What is the motivation behind strong convexity

1.6k Views Asked by At

Definition : A function is said to be $\beta$-strongly convex if,

$f(\theta w + (1-\theta) w') \le \theta f(w) + (1-\theta) f(w') - \frac{\beta}{2}\theta(1-\theta)(w-w')^2$

What is the motivation behind the $\frac{\beta}{2}\theta(1-\theta)(w-w')^2$ term?

2

There are 2 best solutions below

3
On BEST ANSWER

With this definition, $f(w)$ is $\beta$-strongly convex if and only if $g(w)=f(w) - \frac{\beta}{2}\|w\|^2$ is convex. That is, if you expand out the terms you'll see the following expressions are equivalent: $$ \begin{aligned} f(\theta w + (1-\theta) w') &\le \theta f(w) + (1-\theta) f(w') - \frac{\beta}{2}\theta(1-\theta)\|w-w'\|^2 \\ \Leftrightarrow g(\theta w + (1-\theta) w') &\le \theta g(w) + (1-\theta) g(w') \end{aligned} $$ This means $f$ can be written as the sum of convex function $g$ and a quadratic term: $f(w)=g(w)+ \frac{\beta}{2}\|w\|^2$.

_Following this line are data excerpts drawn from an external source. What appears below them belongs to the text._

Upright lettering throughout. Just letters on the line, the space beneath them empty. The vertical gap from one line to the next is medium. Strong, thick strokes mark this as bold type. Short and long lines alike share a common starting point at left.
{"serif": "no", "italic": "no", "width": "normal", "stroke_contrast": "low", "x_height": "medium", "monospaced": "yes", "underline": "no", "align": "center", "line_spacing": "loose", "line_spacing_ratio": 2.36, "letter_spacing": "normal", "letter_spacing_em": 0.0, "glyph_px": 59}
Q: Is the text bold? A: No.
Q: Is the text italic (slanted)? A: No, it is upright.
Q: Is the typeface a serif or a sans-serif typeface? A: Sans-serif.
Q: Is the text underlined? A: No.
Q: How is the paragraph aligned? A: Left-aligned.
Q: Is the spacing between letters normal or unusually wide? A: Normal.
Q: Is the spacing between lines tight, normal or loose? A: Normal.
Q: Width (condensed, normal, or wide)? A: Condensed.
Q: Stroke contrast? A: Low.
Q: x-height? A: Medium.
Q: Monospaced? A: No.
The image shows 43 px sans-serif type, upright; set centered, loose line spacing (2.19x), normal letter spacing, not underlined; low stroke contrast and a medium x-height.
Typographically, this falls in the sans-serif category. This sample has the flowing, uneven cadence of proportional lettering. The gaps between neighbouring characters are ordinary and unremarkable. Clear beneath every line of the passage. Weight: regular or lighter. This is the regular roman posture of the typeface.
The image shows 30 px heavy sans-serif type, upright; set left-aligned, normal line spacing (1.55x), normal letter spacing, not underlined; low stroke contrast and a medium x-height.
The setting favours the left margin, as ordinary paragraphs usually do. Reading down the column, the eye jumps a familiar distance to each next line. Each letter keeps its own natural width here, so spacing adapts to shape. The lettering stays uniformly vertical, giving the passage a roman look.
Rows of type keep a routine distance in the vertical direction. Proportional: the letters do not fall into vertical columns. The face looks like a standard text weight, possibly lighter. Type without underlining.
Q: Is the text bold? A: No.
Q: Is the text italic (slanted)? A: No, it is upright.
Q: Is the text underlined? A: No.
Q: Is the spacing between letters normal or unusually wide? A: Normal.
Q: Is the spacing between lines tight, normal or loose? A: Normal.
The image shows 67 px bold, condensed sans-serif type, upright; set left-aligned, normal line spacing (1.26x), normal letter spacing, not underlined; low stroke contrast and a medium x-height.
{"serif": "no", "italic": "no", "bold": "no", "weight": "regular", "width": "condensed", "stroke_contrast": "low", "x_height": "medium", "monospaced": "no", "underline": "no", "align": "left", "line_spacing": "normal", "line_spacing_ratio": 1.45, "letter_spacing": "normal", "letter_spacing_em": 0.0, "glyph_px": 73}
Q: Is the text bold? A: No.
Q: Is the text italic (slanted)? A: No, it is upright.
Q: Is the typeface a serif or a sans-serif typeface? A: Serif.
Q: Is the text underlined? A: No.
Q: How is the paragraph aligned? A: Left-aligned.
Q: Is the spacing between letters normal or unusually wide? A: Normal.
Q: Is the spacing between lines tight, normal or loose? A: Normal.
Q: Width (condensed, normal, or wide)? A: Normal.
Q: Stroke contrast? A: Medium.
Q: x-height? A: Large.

Also, a strongly convex function has a unique minimizer. Suppose $w$ and $w'$ both minimize $f$ and $w\ne w'$, then the strong convexity condition implies $f((w+w')/2) < (f(w)+f(w'))/2$, a contradiction. So, in fact we can express $f(w)=h(w)+ \frac{\beta}{2}\|w - w^*\|^2 + f(w^*)$, where $h$ is a nonnegative convex function, and $w^*$ is the unique minimizer of $f$.

0
On

First, note that any strongly convex function with $\beta>0$ is convex. You can note this by considering $\theta\in\left(0,1\right)$ and $w\neq w^{\prime}$to get that $$ \frac{\beta}{2}\theta\left(1-\theta\right)\left(w-w^{\prime}\right)>0 $$ and hence \begin{align*} f\left(\theta w+\left(1-\theta\right)w^{\prime}\right) & \leq\theta f\left(w\right)+\left(1-\theta\right)f\left(w^{\prime}\right)-\frac{\beta}{2}\theta\left(1-\theta\right)\left(w-w^{\prime}\right)^{2}\\ & <\theta f\left(w\right)+\left(1-\theta\right)f\left(w^{\prime}\right)-0\\ & =\theta f\left(w\right)+\left(1-\theta\right)f\left(w^{\prime}\right). \end{align*} However, the converse is not necessarily true. Strong convexity is thus a stronger (hence the name) requirement than strict convexity. Whenever you restrict the space of objects you are looking at, you make your life easier, but you will not be able to say something as general if you had not restricted your space. From Wikipedia, ``strongly convex functions are in general easier to work with than convex or strictly convex functions, since they are a smaller class.''

Here, strong convexity is trying to make your life easier by telling you just how strictly convex a function is. The larger the $\beta$, the more ``strictly'' convex your function is.